[Provided records — start]

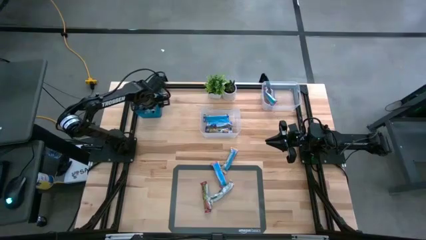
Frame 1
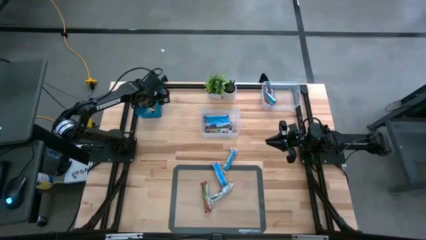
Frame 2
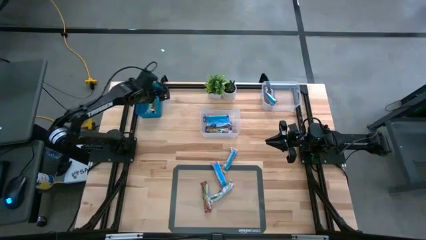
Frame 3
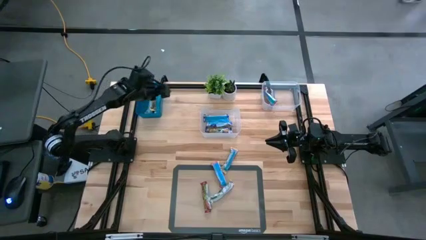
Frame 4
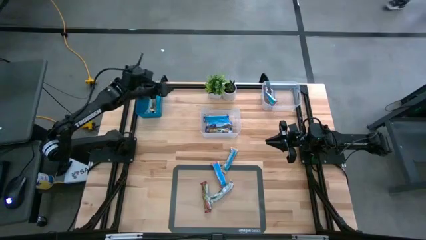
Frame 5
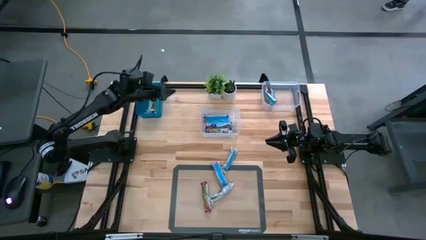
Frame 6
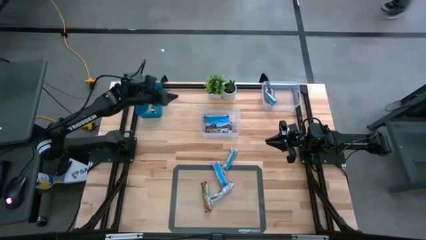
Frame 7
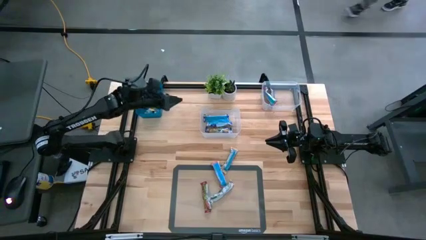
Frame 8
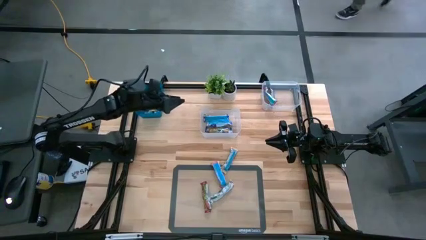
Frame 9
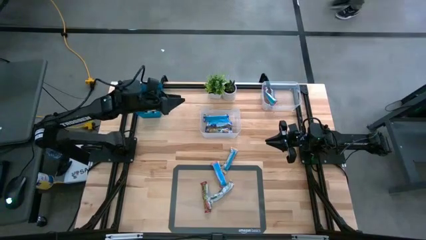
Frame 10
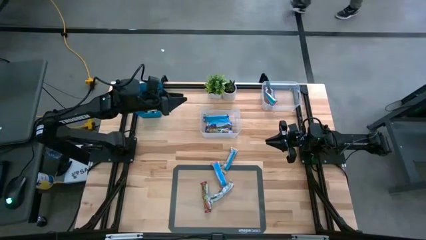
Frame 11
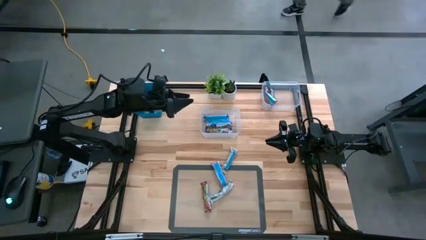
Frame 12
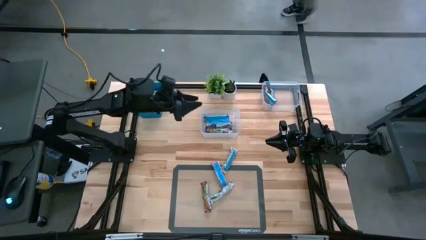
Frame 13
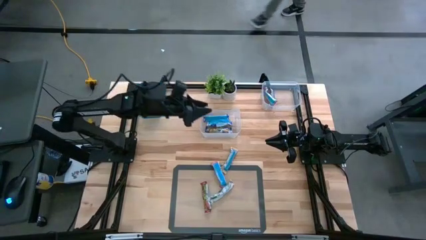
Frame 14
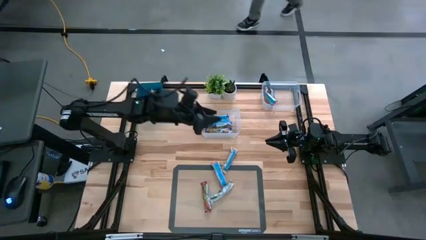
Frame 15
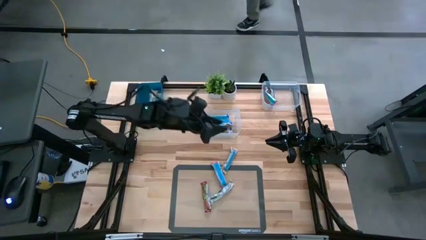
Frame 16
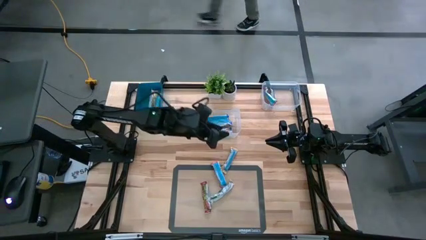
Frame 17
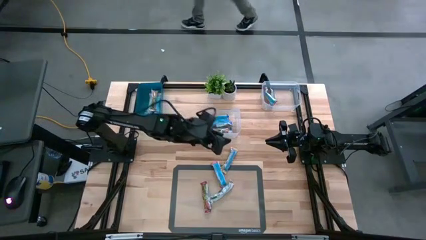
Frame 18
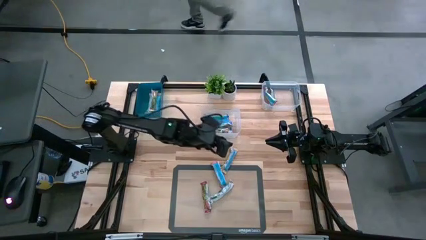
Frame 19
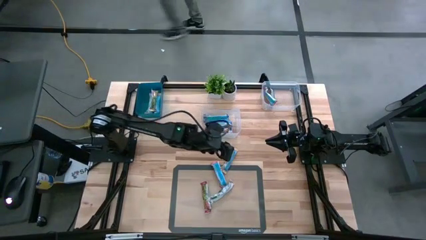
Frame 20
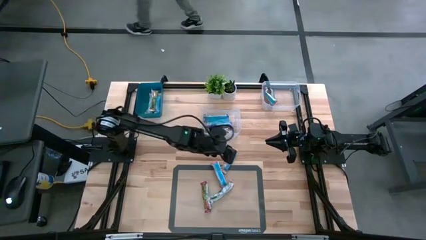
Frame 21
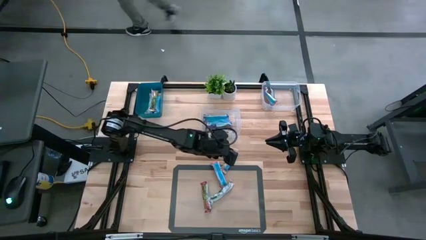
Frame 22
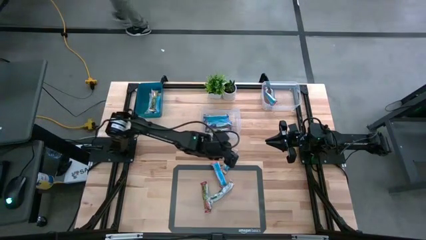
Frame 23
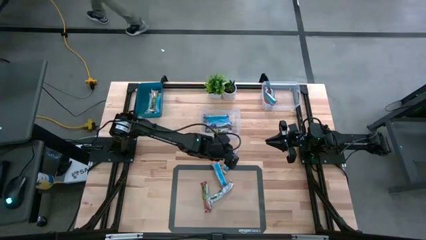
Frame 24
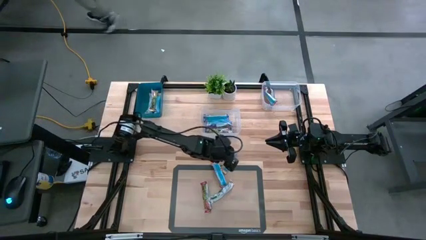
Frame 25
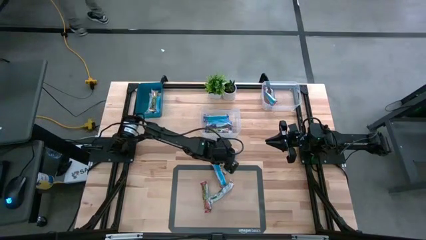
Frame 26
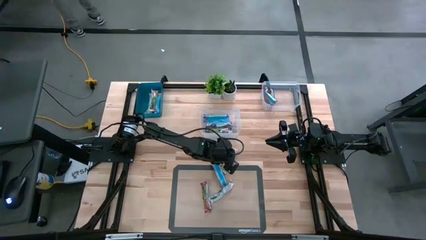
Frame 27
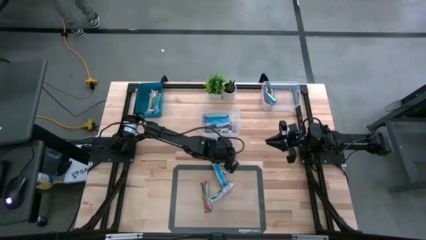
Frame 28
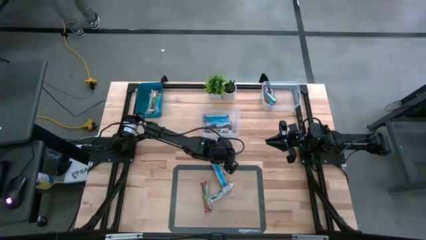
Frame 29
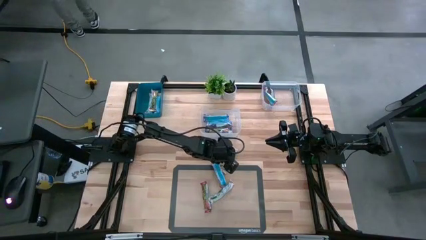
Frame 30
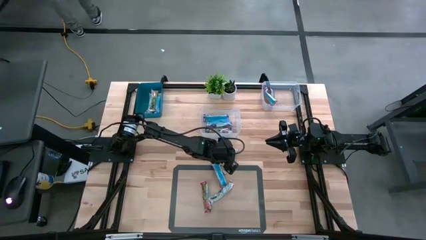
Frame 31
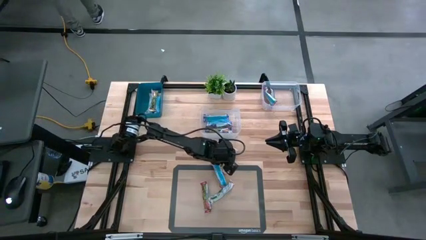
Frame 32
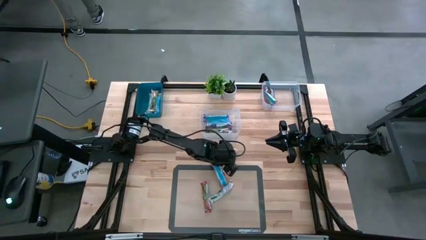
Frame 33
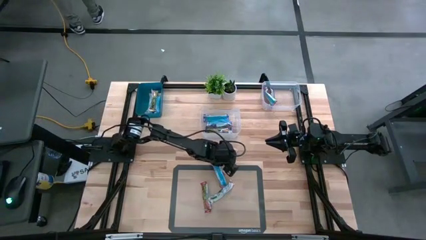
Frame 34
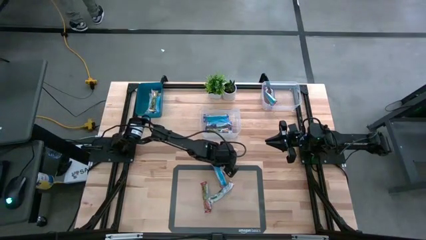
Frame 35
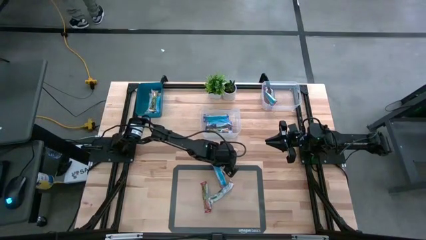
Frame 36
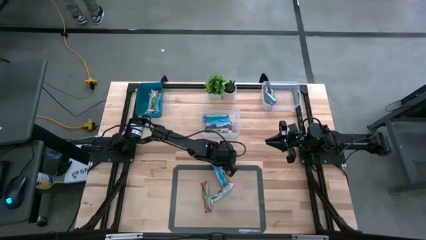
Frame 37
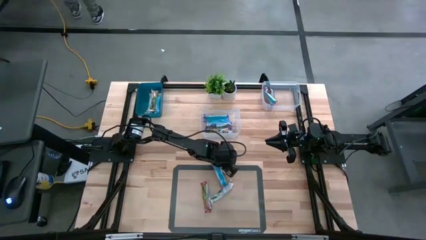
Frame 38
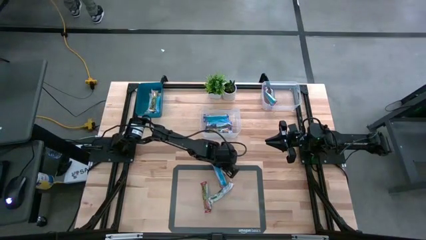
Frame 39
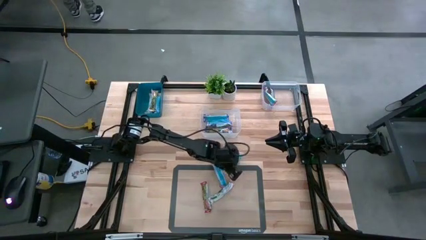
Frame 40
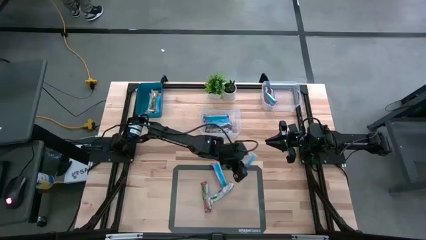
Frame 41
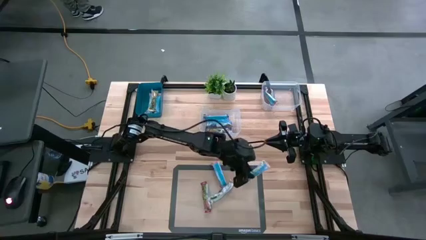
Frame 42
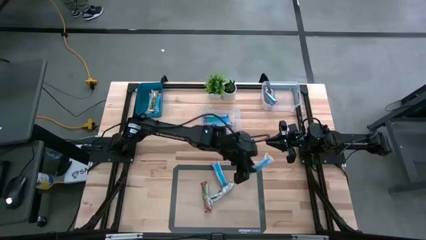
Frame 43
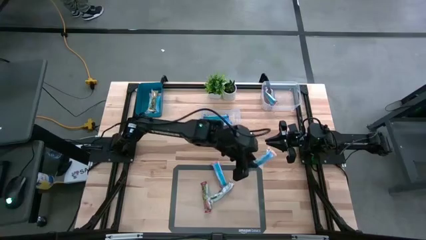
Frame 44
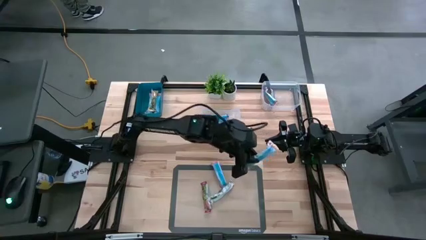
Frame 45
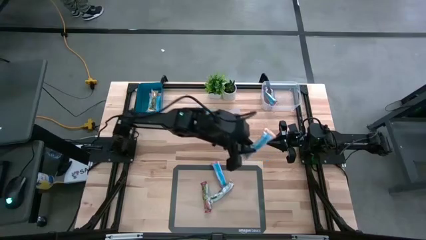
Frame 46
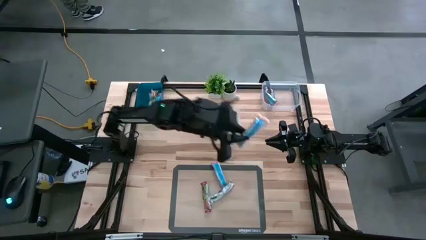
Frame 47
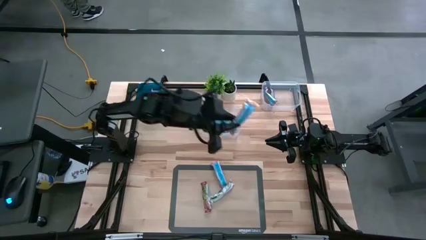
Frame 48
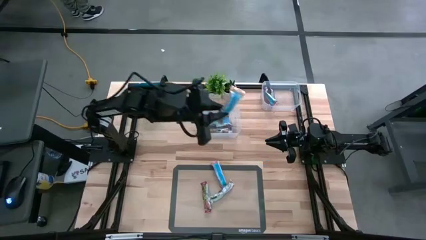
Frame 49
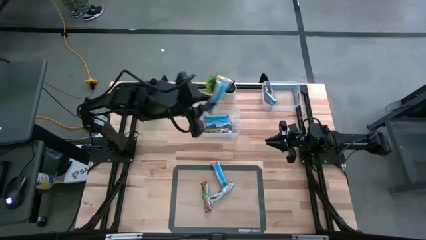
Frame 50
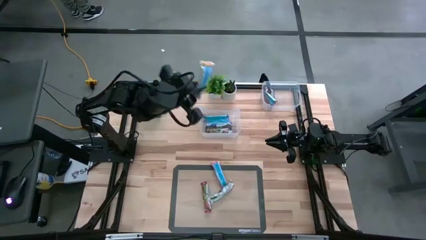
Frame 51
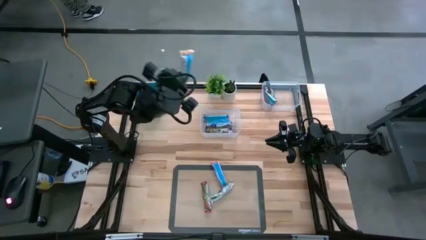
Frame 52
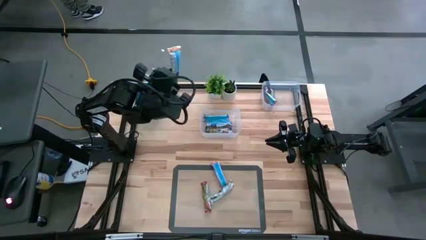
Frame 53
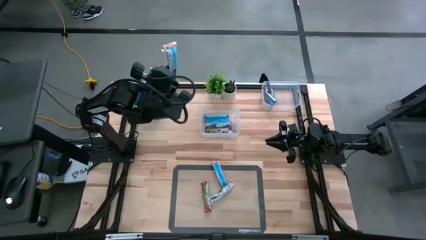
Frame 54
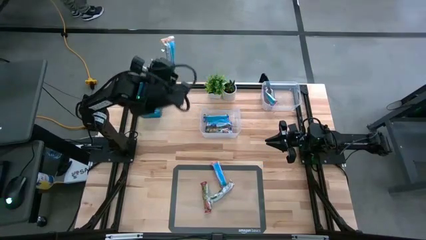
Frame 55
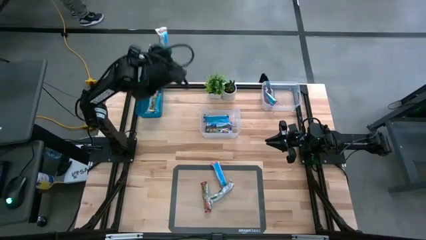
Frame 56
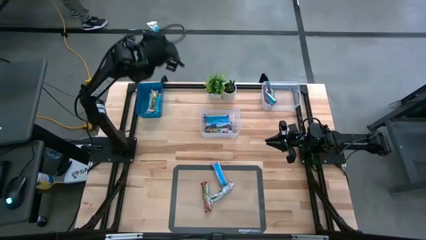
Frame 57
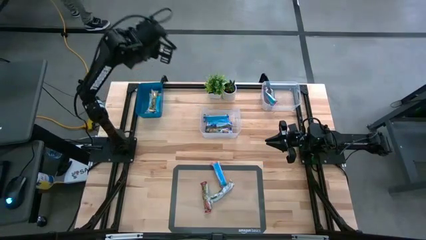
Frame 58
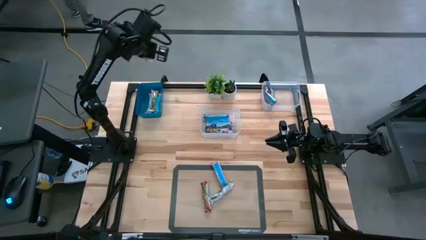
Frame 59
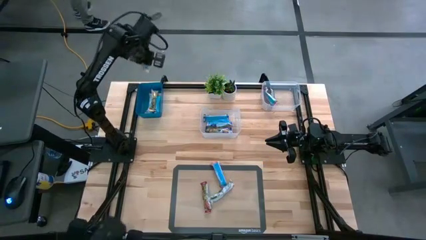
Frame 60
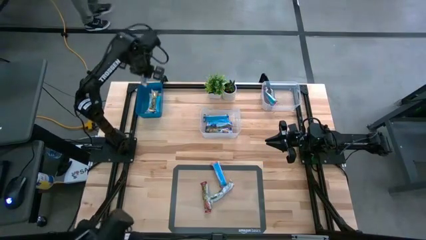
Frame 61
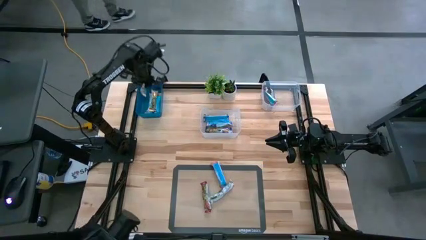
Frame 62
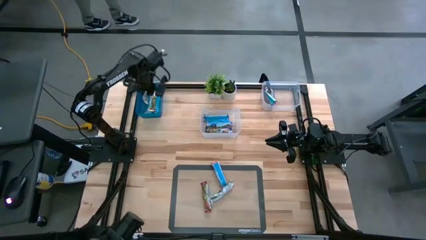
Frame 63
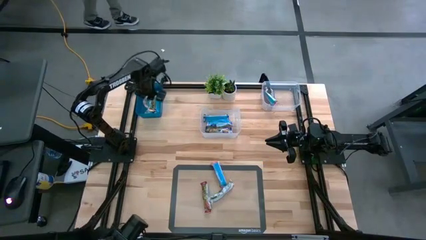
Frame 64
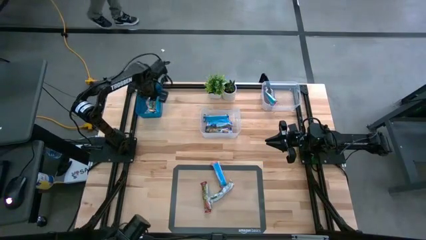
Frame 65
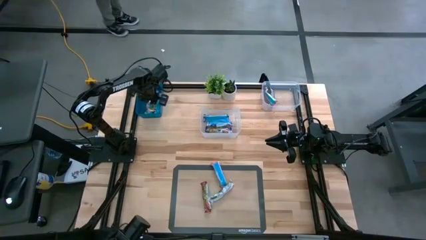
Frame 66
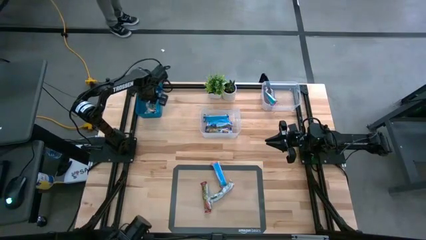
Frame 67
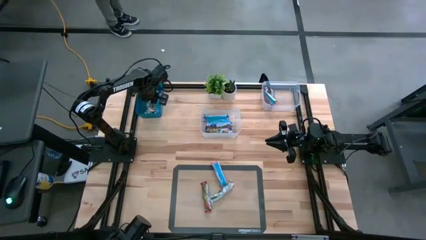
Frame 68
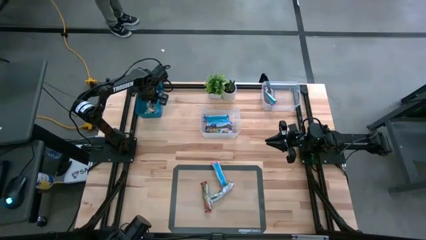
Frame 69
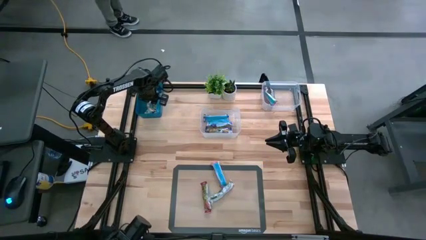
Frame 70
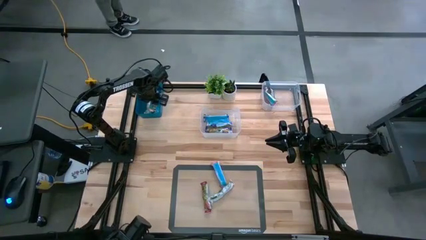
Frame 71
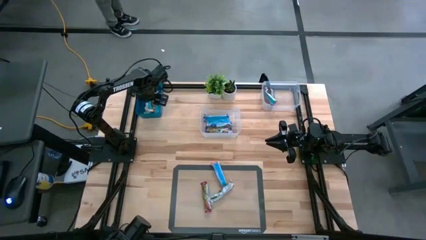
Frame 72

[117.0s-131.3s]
Task: Pick and place Granola Bars by type
Put the orange granola bar in the blue bin

[Provided records — finish]

— Requirement —
Omit the pictures. Transcribe every record exactly.

— Answer for this exercise —
Frame 1
Frame 2
Frame 3
Frame 4
Frame 5
Frame 6
Frame 7
Frame 8
Frame 9
Frame 10
Frame 11
Frame 12
Frame 13
Frame 14
Frame 15
Frame 16
Frame 17
Frame 18
Frame 19
Frame 20
Frame 21
Frame 22
Frame 23
Frame 24
Frame 25
Frame 26
Frame 27
Frame 28
Frame 29
Frame 30
Frame 31
Frame 32
Frame 33
Frame 34
Frame 35
Frame 36
Frame 37
Frame 38
Frame 39
Frame 40
Frame 41
Frame 42
Frame 43
Frame 44
Frame 45
Frame 46
Frame 47
Frame 48
Frame 49
Frame 50
Frame 51
Frame 52
Frame 53
Frame 54
Frame 55
Frame 56
Frame 57
Frame 58
Frame 59
Frame 60
Frame 61
Frame 62
Frame 63
Frame 64
Frame 65
Frame 66
Frame 67
Frame 68
Frame 69
Frame 70
Frame 71
Frame 72

[117.0s-131.3s]
Task: Pick and place Granola Bars by type
Put the orange granola bar in the blue bin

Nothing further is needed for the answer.